Claim (2): If the nodes $V$ makes a loop in a pairs graph $G$ then $| freq(AB) - freq(BA) | = 1$, $\forall A,B \in V(G)$ (2)
```
    ABC ABC ..  ABC ABC = N
    
    AB  AB  ..  AB  AB  = N
     \  / \     / \ / 
     B--A  B..--A B-A   = N-1

    A-C A-C ..  A-C A-C = N
      \ / \     / \ /   
      C-A C-..--A C-A   = N-1
```

In [None]:
# Nodes part of a loop
# Search all n in bigG such that
# | freq(AB) - freq(BA) | = 1 \forall A,B \in V(G)

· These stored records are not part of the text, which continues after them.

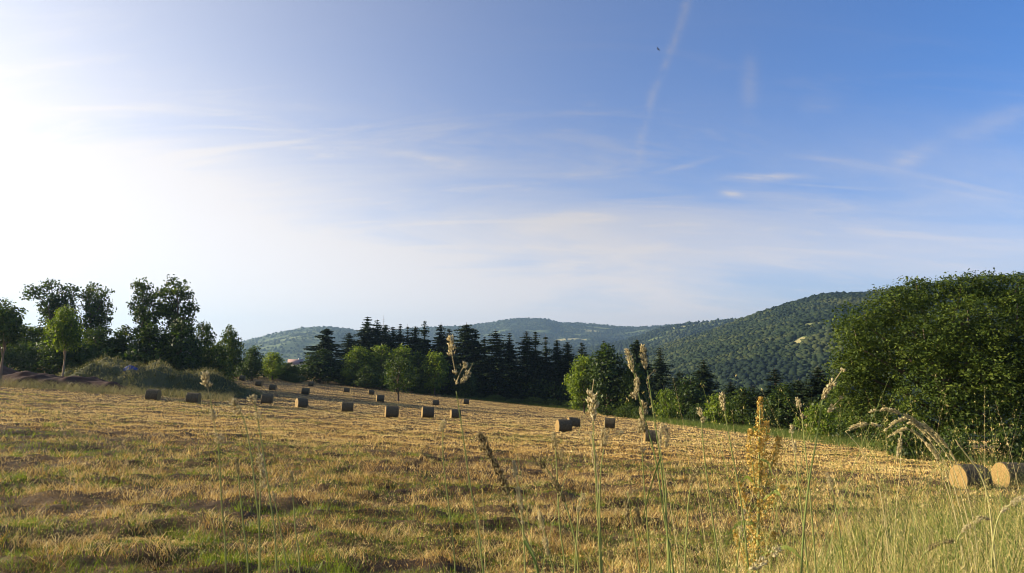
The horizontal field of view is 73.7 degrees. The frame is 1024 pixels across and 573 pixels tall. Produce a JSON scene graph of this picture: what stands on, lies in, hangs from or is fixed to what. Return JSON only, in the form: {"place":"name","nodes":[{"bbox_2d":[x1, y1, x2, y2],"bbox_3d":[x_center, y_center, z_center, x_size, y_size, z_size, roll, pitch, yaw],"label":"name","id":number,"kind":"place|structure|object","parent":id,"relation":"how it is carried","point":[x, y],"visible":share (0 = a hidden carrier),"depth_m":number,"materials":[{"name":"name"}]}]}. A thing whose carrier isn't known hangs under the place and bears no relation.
{"place":"outdoors","nodes":[
{"label":"outdoors","id":0,"kind":"place"},
{"bbox_2d":[228,327,435,364],"bbox_3d":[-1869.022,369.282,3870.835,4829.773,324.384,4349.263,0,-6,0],"label":"distant hill","id":1,"kind":"structure","parent":0,"point":[307,341],"depth_m":3213.76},
{"bbox_2d":[209,326,436,365],"bbox_3d":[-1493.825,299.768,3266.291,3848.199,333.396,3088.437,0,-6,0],"label":"hazy wood","id":2,"kind":"object","parent":1,"relation":"on","point":[273,341],"visible":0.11,"depth_m":3508.86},
{"bbox_2d":[0,365,1023,572],"bbox_3d":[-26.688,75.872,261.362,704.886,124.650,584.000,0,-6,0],"label":"hay field","id":3,"kind":"structure","parent":0,"point":[85,499],"depth_m":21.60,"materials":[{"name":"plant"}]},
{"bbox_2d":[0,297,28,384],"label":"broadleaf tree","id":4,"kind":"object","parent":3,"relation":"on","point":[11,322],"visible":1,"depth_m":79.62,"materials":[{"name":"green plant"}]},
{"bbox_2d":[6,323,48,371],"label":"broadleaf tree","id":5,"kind":"object","parent":3,"relation":"on","point":[32,334],"visible":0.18,"depth_m":111.53,"materials":[{"name":"green plant"}]},
{"bbox_2d":[19,278,83,370],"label":"broadleaf tree","id":6,"kind":"object","parent":3,"relation":"on","point":[54,301],"visible":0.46,"depth_m":118.49,"materials":[{"name":"green plant"}]},
{"bbox_2d":[33,333,93,374],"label":"broadleaf tree","id":7,"kind":"object","parent":3,"relation":"on","point":[55,358],"visible":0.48,"depth_m":102.46,"materials":[{"name":"green plant"}]},
{"bbox_2d":[2,365,141,393],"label":"dirt heap","id":8,"kind":"object","parent":3,"relation":"on","point":[7,372],"visible":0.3,"depth_m":83.84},
{"bbox_2d":[42,304,87,375],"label":"broadleaf tree","id":9,"kind":"object","parent":8,"relation":"on","point":[66,325],"visible":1,"depth_m":87.31,"materials":[{"name":"green plant"}]},
{"bbox_2d":[77,281,116,340],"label":"broadleaf tree","id":10,"kind":"object","parent":3,"relation":"on","point":[95,308],"visible":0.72,"depth_m":119.79,"materials":[{"name":"green plant"}]},
{"bbox_2d":[76,326,118,360],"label":"broadleaf tree","id":11,"kind":"object","parent":3,"relation":"on","point":[99,336],"visible":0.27,"depth_m":111.00,"materials":[{"name":"green plant"}]},
{"bbox_2d":[0,340,197,373],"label":"bramble","id":12,"kind":"object","parent":3,"relation":"on","point":[23,356],"visible":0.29,"depth_m":105.79,"materials":[{"name":"green plant"}]},
{"bbox_2d":[0,376,236,401],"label":"edge grass","id":13,"kind":"structure","parent":3,"relation":"on","point":[183,393],"depth_m":80.43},
{"bbox_2d":[100,324,146,359],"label":"broadleaf tree","id":14,"kind":"object","parent":3,"relation":"on","point":[123,335],"visible":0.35,"depth_m":111.50,"materials":[{"name":"green plant"}]},
{"bbox_2d":[126,320,171,365],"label":"broadleaf tree","id":15,"kind":"object","parent":3,"relation":"on","point":[146,338],"visible":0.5,"depth_m":110.92,"materials":[{"name":"green plant"}]},
{"bbox_2d":[126,277,172,346],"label":"broadleaf tree","id":16,"kind":"object","parent":3,"relation":"on","point":[140,313],"visible":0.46,"depth_m":117.26,"materials":[{"name":"green plant"}]},
{"bbox_2d":[59,357,260,398],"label":"grassy mound","id":17,"kind":"object","parent":3,"relation":"on","point":[169,383],"visible":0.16,"depth_m":91.22,"materials":[{"name":"plant"}]},
{"bbox_2d":[55,353,267,396],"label":"bushes","id":18,"kind":"object","parent":17,"relation":"on","point":[174,371],"visible":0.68,"depth_m":92.46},
{"bbox_2d":[148,274,201,352],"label":"broadleaf tree","id":19,"kind":"object","parent":3,"relation":"on","point":[188,310],"visible":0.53,"depth_m":116.62,"materials":[{"name":"green plant"}]},
{"bbox_2d":[154,317,208,372],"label":"broadleaf tree","id":20,"kind":"object","parent":3,"relation":"on","point":[176,337],"visible":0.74,"depth_m":110.89,"materials":[{"name":"green plant"}]},
{"bbox_2d":[187,319,221,372],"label":"broadleaf tree","id":21,"kind":"object","parent":3,"relation":"on","point":[208,360],"visible":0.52,"depth_m":121.35,"materials":[{"name":"green plant"}]},
{"bbox_2d":[201,371,226,572],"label":"grass stalk","id":22,"kind":"object","parent":3,"relation":"on","point":[205,381],"depth_m":0.99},
{"bbox_2d":[206,341,232,379],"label":"broadleaf tree","id":23,"kind":"object","parent":3,"relation":"on","point":[223,355],"visible":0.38,"depth_m":127.26,"materials":[{"name":"green plant"}]},
{"bbox_2d":[217,324,245,381],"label":"broadleaf tree","id":24,"kind":"object","parent":3,"relation":"on","point":[232,341],"visible":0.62,"depth_m":139.00,"materials":[{"name":"green plant"}]},
{"bbox_2d":[225,396,260,572],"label":"grass stalk","id":25,"kind":"object","parent":3,"relation":"on","point":[232,401],"depth_m":1.11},
{"bbox_2d":[238,344,264,380],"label":"broadleaf tree","id":26,"kind":"object","parent":3,"relation":"on","point":[253,365],"visible":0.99,"depth_m":169.79,"materials":[{"name":"green plant"}]},
{"bbox_2d":[256,446,267,572],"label":"grass stalk","id":27,"kind":"object","parent":3,"relation":"on","point":[262,469],"depth_m":1.66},
{"bbox_2d":[247,394,277,572],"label":"grass stalk","id":28,"kind":"object","parent":3,"relation":"on","point":[254,402],"depth_m":1.16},
{"bbox_2d":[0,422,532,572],"bbox_3d":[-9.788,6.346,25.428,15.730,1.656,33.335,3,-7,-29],"label":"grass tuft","id":29,"kind":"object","parent":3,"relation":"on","point":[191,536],"visible":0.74,"depth_m":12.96,"materials":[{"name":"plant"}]},
{"bbox_2d":[260,350,285,379],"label":"broadleaf tree","id":30,"kind":"object","parent":3,"relation":"on","point":[273,366],"visible":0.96,"depth_m":183.20,"materials":[{"name":"green plant"}]},
{"bbox_2d":[299,348,343,382],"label":"broadleaf tree","id":31,"kind":"object","parent":3,"relation":"on","point":[320,360],"visible":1,"depth_m":201.97,"materials":[{"name":"green plant"}]},
{"bbox_2d":[297,328,349,379],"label":"cedar tree","id":32,"kind":"object","parent":3,"relation":"on","point":[326,342],"visible":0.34,"depth_m":211.10,"materials":[{"name":"green plant"}]},
{"bbox_2d":[326,332,358,382],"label":"conifer tree","id":33,"kind":"object","parent":3,"relation":"on","point":[350,343],"visible":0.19,"depth_m":219.96,"materials":[{"name":"green plant"}]},
{"bbox_2d":[339,345,374,386],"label":"broadleaf tree","id":34,"kind":"object","parent":3,"relation":"on","point":[354,362],"visible":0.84,"depth_m":202.46,"materials":[{"name":"green plant"}]},
{"bbox_2d":[345,316,383,383],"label":"conifer tree","id":35,"kind":"object","parent":3,"relation":"on","point":[366,339],"visible":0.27,"depth_m":223.93,"materials":[{"name":"green plant"}]},
{"bbox_2d":[353,365,381,388],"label":"broadleaf tree","id":36,"kind":"object","parent":3,"relation":"on","point":[369,379],"visible":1,"depth_m":195.26,"materials":[{"name":"green plant"}]},
{"bbox_2d":[364,344,394,388],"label":"broadleaf tree","id":37,"kind":"object","parent":3,"relation":"on","point":[381,358],"visible":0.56,"depth_m":204.53,"materials":[{"name":"green plant"}]},
{"bbox_2d":[375,327,402,387],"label":"conifer tree","id":38,"kind":"object","parent":3,"relation":"on","point":[393,338],"visible":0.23,"depth_m":226.32,"materials":[{"name":"green plant"}]},
{"bbox_2d":[380,356,422,401],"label":"broadleaf tree","id":39,"kind":"object","parent":3,"relation":"on","point":[401,370],"visible":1,"depth_m":130.31,"materials":[{"name":"green plant"}]},
{"bbox_2d":[386,343,418,391],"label":"broadleaf tree","id":40,"kind":"object","parent":3,"relation":"on","point":[399,353],"visible":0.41,"depth_m":204.47,"materials":[{"name":"green plant"}]},
{"bbox_2d":[407,350,431,392],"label":"broadleaf tree","id":41,"kind":"object","parent":3,"relation":"on","point":[419,358],"visible":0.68,"depth_m":203.83,"materials":[{"name":"green plant"}]},
{"bbox_2d":[409,321,437,390],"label":"conifer tree","id":42,"kind":"object","parent":3,"relation":"on","point":[424,346],"visible":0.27,"depth_m":224.71,"materials":[{"name":"green plant"}]},
{"bbox_2d":[418,349,451,394],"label":"broadleaf tree","id":43,"kind":"object","parent":3,"relation":"on","point":[437,373],"visible":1,"depth_m":202.44,"materials":[{"name":"green plant"}]},
{"bbox_2d":[426,325,457,394],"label":"conifer tree","id":44,"kind":"object","parent":3,"relation":"on","point":[441,340],"visible":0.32,"depth_m":224.06,"materials":[{"name":"green plant"}]},
{"bbox_2d":[439,420,455,572],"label":"grass stalk","id":45,"kind":"object","parent":3,"relation":"on","point":[441,428],"depth_m":1.59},
{"bbox_2d":[446,334,483,572],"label":"grass stalk","id":46,"kind":"object","parent":3,"relation":"on","point":[451,348],"depth_m":1.25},
{"bbox_2d":[451,364,479,398],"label":"broadleaf tree","id":47,"kind":"object","parent":3,"relation":"on","point":[465,390],"visible":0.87,"depth_m":202.11,"materials":[{"name":"green plant"}]},
{"bbox_2d":[439,322,494,397],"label":"conifer tree","id":48,"kind":"object","parent":3,"relation":"on","point":[466,341],"visible":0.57,"depth_m":218.68,"materials":[{"name":"green plant"}]},
{"bbox_2d":[470,331,518,400],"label":"conifer tree","id":49,"kind":"object","parent":3,"relation":"on","point":[496,369],"visible":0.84,"depth_m":216.38,"materials":[{"name":"green plant"}]},
{"bbox_2d":[474,431,539,572],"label":"grass stalk","id":50,"kind":"object","parent":3,"relation":"on","point":[492,460],"depth_m":1.46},
{"bbox_2d":[0,390,1022,572],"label":"green regrowth","id":51,"kind":"object","parent":3,"relation":"on","point":[291,561],"visible":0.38,"depth_m":16.57,"materials":[{"name":"plant"}]},
{"bbox_2d":[503,333,524,400],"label":"conifer tree","id":52,"kind":"object","parent":3,"relation":"on","point":[508,348],"visible":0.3,"depth_m":219.81,"materials":[{"name":"green plant"}]},
{"bbox_2d":[512,460,525,572],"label":"grass stalk","id":53,"kind":"object","parent":3,"relation":"on","point":[519,496],"depth_m":1.46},
{"bbox_2d":[503,331,546,403],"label":"conifer tree","id":54,"kind":"object","parent":3,"relation":"on","point":[525,373],"visible":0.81,"depth_m":216.58,"materials":[{"name":"green plant"}]},
{"bbox_2d":[521,332,551,403],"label":"conifer tree","id":55,"kind":"object","parent":3,"relation":"on","point":[538,368],"visible":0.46,"depth_m":218.98,"materials":[{"name":"green plant"}]},
{"bbox_2d":[539,334,556,404],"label":"conifer tree","id":56,"kind":"object","parent":3,"relation":"on","point":[545,354],"visible":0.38,"depth_m":221.90,"materials":[{"name":"green plant"}]},
{"bbox_2d":[214,362,890,440],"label":"undergrowth","id":57,"kind":"object","parent":3,"relation":"on","point":[238,373],"visible":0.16,"depth_m":205.18,"materials":[{"name":"green plant"}]},
{"bbox_2d":[542,340,570,406],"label":"conifer tree","id":58,"kind":"object","parent":3,"relation":"on","point":[556,367],"visible":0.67,"depth_m":217.36,"materials":[{"name":"green plant"}]},
{"bbox_2d":[536,457,578,572],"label":"grass stalk","id":59,"kind":"object","parent":3,"relation":"on","point":[555,483],"depth_m":1.86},
{"bbox_2d":[551,431,565,572],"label":"grass stalk","id":60,"kind":"object","parent":3,"relation":"on","point":[554,441],"depth_m":1.88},
{"bbox_2d":[555,419,571,432],"bbox_3d":[4.879,13.221,64.608,1.406,1.284,1.371,5,-7,-14],"label":"hay bale","id":61,"kind":"object","parent":3,"relation":"on","point":[563,425],"visible":0.88,"depth_m":64.09},
{"bbox_2d":[554,341,577,399],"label":"conifer tree","id":62,"kind":"object","parent":3,"relation":"on","point":[569,358],"visible":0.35,"depth_m":220.11,"materials":[{"name":"green plant"}]},
{"bbox_2d":[562,352,602,412],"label":"broadleaf tree","id":63,"kind":"object","parent":3,"relation":"on","point":[576,384],"visible":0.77,"depth_m":162.32,"materials":[{"name":"green plant"}]},
{"bbox_2d":[586,380,600,572],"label":"grass stalk","id":64,"kind":"object","parent":3,"relation":"on","point":[590,400],"depth_m":1.68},
{"bbox_2d":[582,342,628,415],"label":"broadleaf tree","id":65,"kind":"object","parent":3,"relation":"on","point":[603,381],"visible":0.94,"depth_m":157.03,"materials":[{"name":"green plant"}]},
{"bbox_2d":[599,420,623,572],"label":"grass stalk","id":66,"kind":"object","parent":3,"relation":"on","point":[606,436],"depth_m":1.72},
{"bbox_2d":[611,362,652,415],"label":"broadleaf tree","id":67,"kind":"object","parent":3,"relation":"on","point":[628,379],"visible":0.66,"depth_m":155.06,"materials":[{"name":"green plant"}]},
{"bbox_2d":[623,488,641,572],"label":"grass stalk","id":68,"kind":"object","parent":3,"relation":"on","point":[627,512],"depth_m":1.56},
{"bbox_2d":[625,340,655,397],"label":"conifer tree","id":69,"kind":"object","parent":3,"relation":"on","point":[635,348],"visible":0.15,"depth_m":188.28,"materials":[{"name":"green plant"}]},
{"bbox_2d":[637,400,650,572],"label":"grass stalk","id":70,"kind":"object","parent":3,"relation":"on","point":[642,427],"depth_m":1.57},
{"bbox_2d":[624,348,673,572],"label":"grass stalk","id":71,"kind":"object","parent":3,"relation":"on","point":[637,380],"depth_m":1.56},
{"bbox_2d":[635,344,670,572],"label":"grass stalk","id":72,"kind":"object","parent":3,"relation":"on","point":[644,362],"depth_m":1.54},
{"bbox_2d":[645,348,673,415],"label":"conifer tree","id":73,"kind":"object","parent":3,"relation":"on","point":[660,383],"visible":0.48,"depth_m":182.74,"materials":[{"name":"green plant"}]},
{"bbox_2d":[657,423,669,572],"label":"grass stalk","id":74,"kind":"object","parent":3,"relation":"on","point":[660,430],"depth_m":1.67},
{"bbox_2d":[304,374,1023,572],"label":"verge grass","id":75,"kind":"structure","parent":3,"relation":"on","point":[1005,526],"depth_m":2.68,"materials":[{"name":"plant"}]},
{"bbox_2d":[649,388,685,419],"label":"shrub","id":76,"kind":"object","parent":3,"relation":"on","point":[669,413],"visible":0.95,"depth_m":135.56,"materials":[{"name":"green plant"}]},
{"bbox_2d":[668,374,708,419],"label":"broadleaf tree","id":77,"kind":"object","parent":3,"relation":"on","point":[687,394],"visible":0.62,"depth_m":147.50,"materials":[{"name":"green plant"}]},
{"bbox_2d":[684,466,701,572],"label":"grass stalk","id":78,"kind":"object","parent":3,"relation":"on","point":[693,479],"depth_m":1.87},
{"bbox_2d":[681,404,710,423],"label":"shrub","id":79,"kind":"object","parent":3,"relation":"on","point":[693,413],"visible":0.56,"depth_m":129.50,"materials":[{"name":"green plant"}]},
{"bbox_2d":[679,359,725,421],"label":"conifer tree","id":80,"kind":"object","parent":3,"relation":"on","point":[704,374],"visible":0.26,"depth_m":162.19,"materials":[{"name":"green plant"}]},
{"bbox_2d":[697,407,719,572],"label":"grass stalk","id":81,"kind":"object","parent":3,"relation":"on","point":[703,418],"depth_m":1.88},
{"bbox_2d":[702,391,739,426],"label":"shrub","id":82,"kind":"object","parent":3,"relation":"on","point":[716,407],"visible":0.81,"depth_m":119.89,"materials":[{"name":"green plant"}]},
{"bbox_2d":[441,394,1023,467],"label":"meadow grass","id":83,"kind":"structure","parent":3,"relation":"on","point":[775,432],"depth_m":85.77,"materials":[{"name":"plant"}]},
{"bbox_2d":[719,392,749,572],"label":"grass stalk","id":84,"kind":"object","parent":3,"relation":"on","point":[722,401],"depth_m":1.69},
{"bbox_2d":[726,385,758,425],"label":"broadleaf tree","id":85,"kind":"object","parent":3,"relation":"on","point":[741,401],"visible":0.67,"depth_m":126.91,"materials":[{"name":"green plant"}]},
{"bbox_2d":[722,396,805,572],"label":"dock plant","id":86,"kind":"object","parent":3,"relation":"on","point":[760,450],"visible":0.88,"depth_m":2.53,"materials":[{"name":"yellow plant"}]},
{"bbox_2d":[744,407,783,428],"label":"shrub","id":87,"kind":"object","parent":3,"relation":"on","point":[772,423],"visible":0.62,"depth_m":109.69,"materials":[{"name":"green plant"}]},
{"bbox_2d":[736,368,793,427],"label":"conifer tree","id":88,"kind":"object","parent":3,"relation":"on","point":[774,378],"visible":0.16,"depth_m":123.81,"materials":[{"name":"green plant"}]},
{"bbox_2d":[749,545,782,572],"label":"grass stalk","id":89,"kind":"object","parent":3,"relation":"on","point":[765,562],"depth_m":1.35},
{"bbox_2d":[754,382,810,431],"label":"broadleaf tree","id":90,"kind":"object","parent":3,"relation":"on","point":[782,408],"visible":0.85,"depth_m":109.58,"materials":[{"name":"green plant"}]},
{"bbox_2d":[738,367,845,572],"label":"grass stalk","id":91,"kind":"object","parent":3,"relation":"on","point":[828,389],"depth_m":1.49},
{"bbox_2d":[789,425,808,572],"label":"grass stalk","id":92,"kind":"object","parent":3,"relation":"on","point":[793,443],"depth_m":1.87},
{"bbox_2d":[795,397,816,572],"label":"grass stalk","id":93,"kind":"object","parent":3,"relation":"on","point":[800,406],"depth_m":1.88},
{"bbox_2d":[783,367,833,432],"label":"conifer tree","id":94,"kind":"object","parent":3,"relation":"on","point":[818,386],"visible":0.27,"depth_m":116.43,"materials":[{"name":"green plant"}]},
{"bbox_2d":[790,403,842,440],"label":"shrub","id":95,"kind":"object","parent":3,"relation":"on","point":[815,421],"visible":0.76,"depth_m":82.32,"materials":[{"name":"green plant"}]},
{"bbox_2d":[814,380,861,436],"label":"broadleaf tree","id":96,"kind":"object","parent":3,"relation":"on","point":[837,409],"visible":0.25,"depth_m":97.74,"materials":[{"name":"green plant"}]},
{"bbox_2d":[827,410,878,442],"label":"shrub","id":97,"kind":"object","parent":3,"relation":"on","point":[842,425],"visible":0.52,"depth_m":78.42,"materials":[{"name":"green plant"}]},
{"bbox_2d":[880,422,935,458],"bbox_3d":[29.478,11.794,50.934,3.660,3.100,3.740,2,-7,-18],"label":"shrub","id":98,"kind":"object","parent":3,"relation":"on","point":[906,449],"visible":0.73,"depth_m":50.63,"materials":[{"name":"green plant"}]},
{"bbox_2d":[820,267,1023,454],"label":"broadleaf tree","id":99,"kind":"object","parent":3,"relation":"on","point":[947,349],"visible":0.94,"depth_m":57.02,"materials":[{"name":"green plant"}]},
{"bbox_2d":[868,407,976,569],"bbox_3d":[1.799,1.056,2.923,0.510,1.070,0.066,1,-6,-10],"label":"grass stalk","id":100,"kind":"object","parent":3,"relation":"on","point":[927,430],"depth_m":2.96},
{"bbox_2d":[884,417,972,572],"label":"grass stalk","id":101,"kind":"object","parent":3,"relation":"on","point":[894,422],"depth_m":2.95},
{"bbox_2d":[928,423,983,462],"bbox_3d":[31.866,11.431,49.014,3.625,3.379,3.274,1,-6,-7],"label":"shrub","id":102,"kind":"object","parent":3,"relation":"on","point":[962,440],"visible":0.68,"depth_m":48.52,"materials":[{"name":"green plant"}]},
{"bbox_2d":[949,464,992,489],"bbox_3d":[20.311,8.475,30.269,1.271,1.161,1.240,3,-6,-4],"label":"hay bale","id":103,"kind":"object","parent":3,"relation":"on","point":[970,472],"visible":0.63,"depth_m":29.85},
{"bbox_2d":[982,421,1023,462],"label":"shrub","id":104,"kind":"object","parent":3,"relation":"on","point":[1018,442],"visible":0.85,"depth_m":48.68,"materials":[{"name":"green plant"}]},
{"bbox_2d":[991,462,1023,487],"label":"hay bale","id":105,"kind":"object","parent":3,"relation":"on","point":[1005,469],"visible":0.7,"depth_m":31.74},
{"bbox_2d":[0,0,1023,346],"label":"sky","id":106,"kind":"structure","parent":0,"point":[296,163],"materials":[{"name":"blue"}]},
{"bbox_2d":[390,319,646,350],"bbox_3d":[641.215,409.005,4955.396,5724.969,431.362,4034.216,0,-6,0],"label":"ridge","id":107,"kind":"structure","parent":0,"point":[547,330],"depth_m":5012.40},
{"bbox_2d":[387,317,673,353],"bbox_3d":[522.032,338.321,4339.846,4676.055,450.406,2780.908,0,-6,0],"label":"wood","id":108,"kind":"object","parent":107,"relation":"on","point":[534,322],"visible":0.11,"depth_m":5042.14,"materials":[{"name":"plant"}]},
{"bbox_2d":[520,322,727,355],"bbox_3d":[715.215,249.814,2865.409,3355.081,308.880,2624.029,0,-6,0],"label":"meadow ridge","id":109,"kind":"structure","parent":0,"point":[655,337],"depth_m":2862.66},
{"bbox_2d":[461,317,740,365],"bbox_3d":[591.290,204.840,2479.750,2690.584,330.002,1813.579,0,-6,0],"label":"ridge wood","id":110,"kind":"object","parent":109,"relation":"on","point":[651,334],"visible":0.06,"depth_m":2909.59,"materials":[{"name":"plant"}]},
{"bbox_2d":[619,304,1022,438],"bbox_3d":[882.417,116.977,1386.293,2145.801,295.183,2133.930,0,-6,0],"label":"wooded hill","id":111,"kind":"structure","parent":0,"point":[797,340],"depth_m":835.25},
{"bbox_2d":[551,272,1023,440],"bbox_3d":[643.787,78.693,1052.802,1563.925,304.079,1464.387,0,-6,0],"label":"hillside wood","id":112,"kind":"object","parent":111,"relation":"on","point":[781,327],"visible":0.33,"depth_m":1043.88,"materials":[{"name":"plant"}]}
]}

def is_a_loop_criteria(u, v, bigG):
    return \
        (u,v) in bigG.edges \
        and (v,u) in bigG.edges \
        and  1 == abs( bigG.edges[u,v]['weight'] - bigG.edges[v,u]['weight'] )

    
def loops_from_G( bigG, verbose=False ):
    loops = set()
    for u in bigG.nodes:
        for v in bigG.nodes - u:
            if is_a_loop_criteria(u,v,bigG):
                loops.add(u)
                loops.add(v)
    return loops

In [None]:
# Let's see. 
loops_from_G(bigG, verbose=True)

In [None]:
# Expected Loops: ABC 123
T = [
    list("ABCABC123123")
]
bigG = successorsGraph(  get_successor_by_freq(T)  )
naive_graph(T)
paths = infer_paths( split_in_freqGraph( bigG ) )
paths

In [None]:
loops_from_G(bigG, verbose=True)

## Anoying Loop Example

In [None]:
# More interesting serie. Expected Loops: ABC 123
T = [
#     list("A1B23C1A2B3C1ABC23zxcv"),
    list("ABCABCABC123123123")
#     list("aAb1B2cd3Cefgh1iAjk2Blmnop3qCrst1AuBC2vwxyz3"),
#     list(".1A.B2.C3..ABC...A1..2B..3C.")
]
bigG = successorsGraph(  get_successor_by_freq(T)  )
# graph( bigG, with_weigths=False)
paths = infer_paths( split_in_freqGraph( bigG ) )
# paths

In [None]:
# for f, pairs in get_successor_by_freq(T).items():
#     print(f, [(a,b) for a, b in pairs \
#         if a in list("ABC123") and b in list("ABC123") ] )

In [None]:
# Let's see. 
nodes_in_loops = loops_from_G(bigG, verbose=True)

In [None]:
nodes_in_loops

In [None]:
bigG.out_degree()

In [None]:
# Every subclique is a clique, hence, a path in T. Let's search the ordered intersection with the nodes in loop.
for f, cliques in paths.items():
    for path in cliques:
        if all([ p in nodes_in_loops for p in path ]):
            print (f, path)

In [None]:
paths

Claim: all paths (cliques) forming a base are loops. Starting from max(f) -> min(f).